Mr Keith Johnson (BURKE, VICTORIA) - With respect to you, Mr Chairman, I am trying to make a point. To make the point I must draw a distinction between conciliation and arbitration. The purpose of clause 6 is to bring about a position in which there is less inflammation of industrial situations. The general inflammation of industrial situations starts in the factory. I drew attention to the right honourable gentleman's continual use of the word 'arbitration' because that is the way in which his mind functions. He and the class of people he represents always think of arbitration. The trade unionist thinks of conciliation and negotiation. If one thinks of negotiation one will start thinking about the people on the factory floor, on the job, negotiating directly with their employer or his representative. They are in a very weak position to negotiate if they run the risk of being railroaded out of the factory simply because they have had the courage to stand up to their employer on behalf of their fellow employees.

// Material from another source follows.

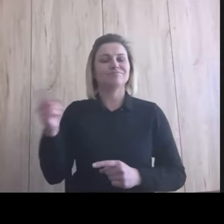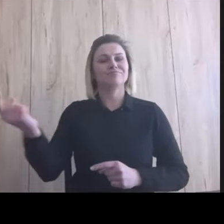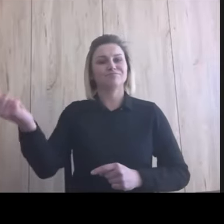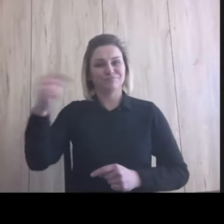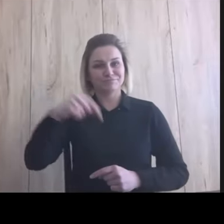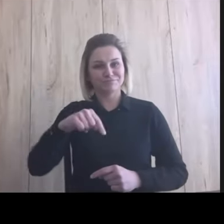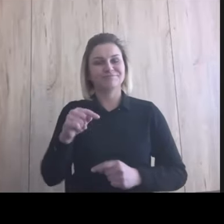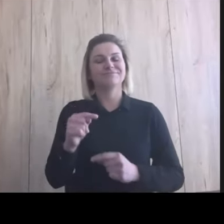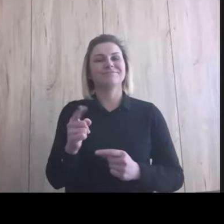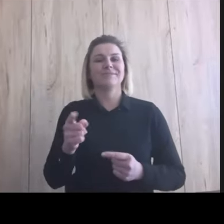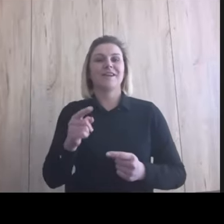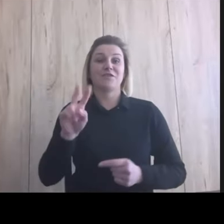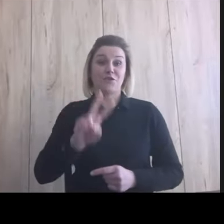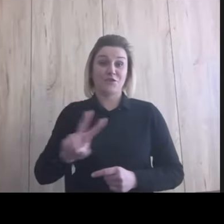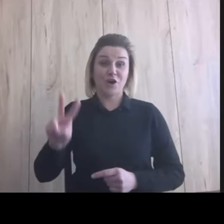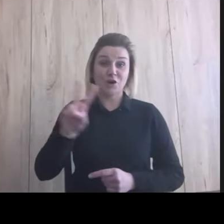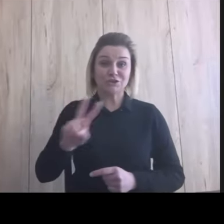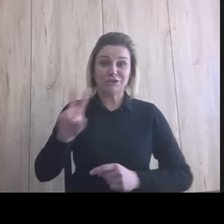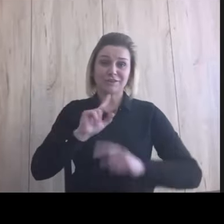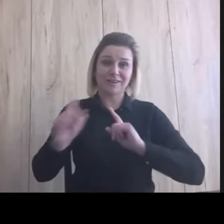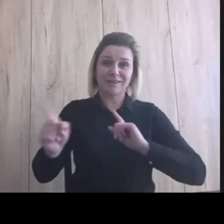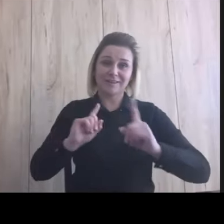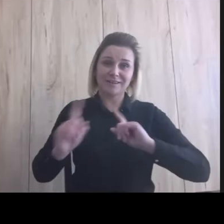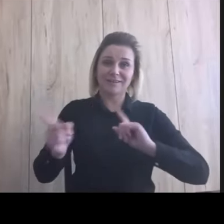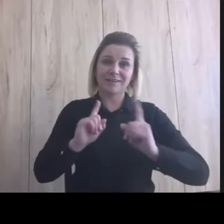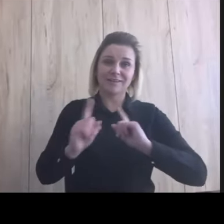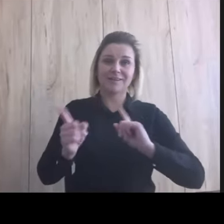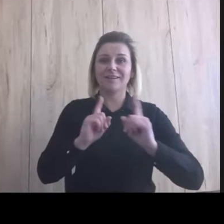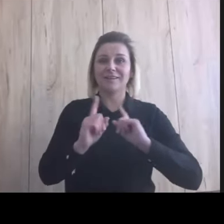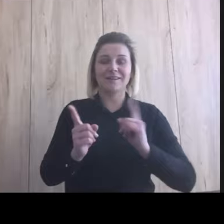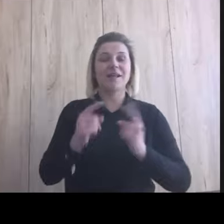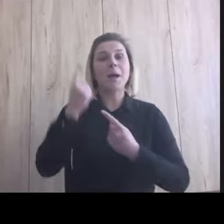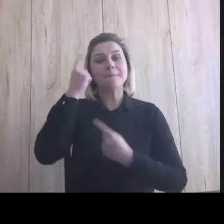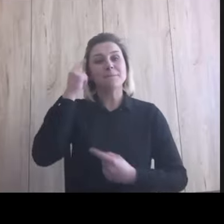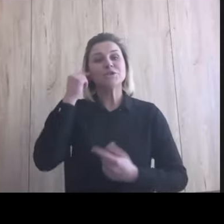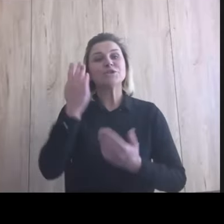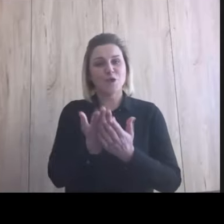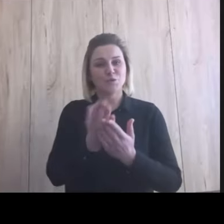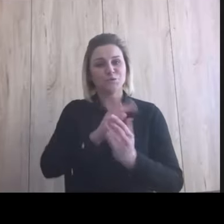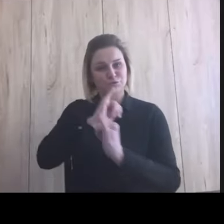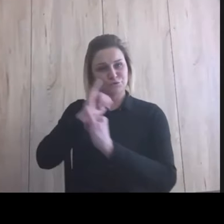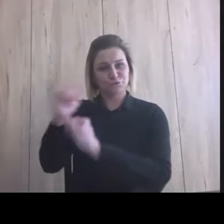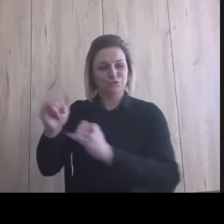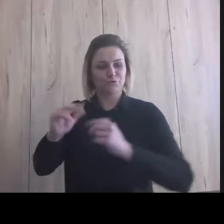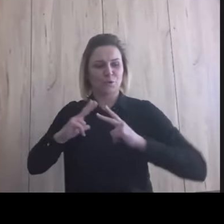tutaj bite dwie godziny. Także już myślę, że należy Ci się odpoczynek do końca dnia.

This clause seeks to prevent that sort of situation occurring. It seeks to encourage negotiation at the factory level where uninhibited negotiations can take place within the rules. Obviously honourable members opposite have not read the Bill. Clause 6 (a) seeks to insert the following paragraph in the Act:

(f)   being an officer, delegate or member of an organisation, has done, or proposes to do, an act or thing, in an industrial establishment or elsewhere, for the purpose of furthering or protecting the industrial interests of the organisation or of its members, being an act or thing - these are the pertinent words - done within the limits of authority expressly or impliedly conferred on him by the organisation.

The organisation in this case is the union. Shop stewards will not be acting unilaterally or as free agents in this matter. They can only act lawfully. They can only act within the limits of authority expressly or impliedly conferred on them by their unions. They are in an excellent position to open negotiations, and on very many occasions they settle disputes.

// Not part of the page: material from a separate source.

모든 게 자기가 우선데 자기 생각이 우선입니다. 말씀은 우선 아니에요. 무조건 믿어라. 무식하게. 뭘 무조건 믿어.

No reasonable person would expect a single employee of a corporation or a group of employees of a corporation - the word 'corporation' has been used continually during the course of this debate - to stand alone against that corporation unless they in turn were guaranteed some form of protection. The Bill provides that protection. No reasonable person could dispute the terms of the Bill. All sorts of nit picking have been engaged in by the Opposition in an endeavour to show that this Bill has some ulterior motive. One would think that, with the passage of this Bill, the revolution was about to start, to paraphrase the remarks of the honourable member for Moreton. I am sorry to be boring him so much that he has to yawn continuously.


Mr Killen - I apologise. It is just tiredness, not boredom.


Mr Keith Johnson (BURKE, VICTORIA) - Thank you. The matter deserves the wholehearted support of this House. I trust that it will have that support. The right honourable member for Lowe has promised us a division on the matter. That shows how strongly he feels about it. Perhaps that is not such a bad idea. Let us show the trade union movement and the 5i million people who work in this country to provide the other 8 million people with the goods and services they need, exactly who stands where when it comes to the protection of the employees and the privilege to be retained by die employing class. The measure will certainly pass this House. There is no doubt in my mind that there are sufficient people with sufficient wisdom in this chamber to support such a measure.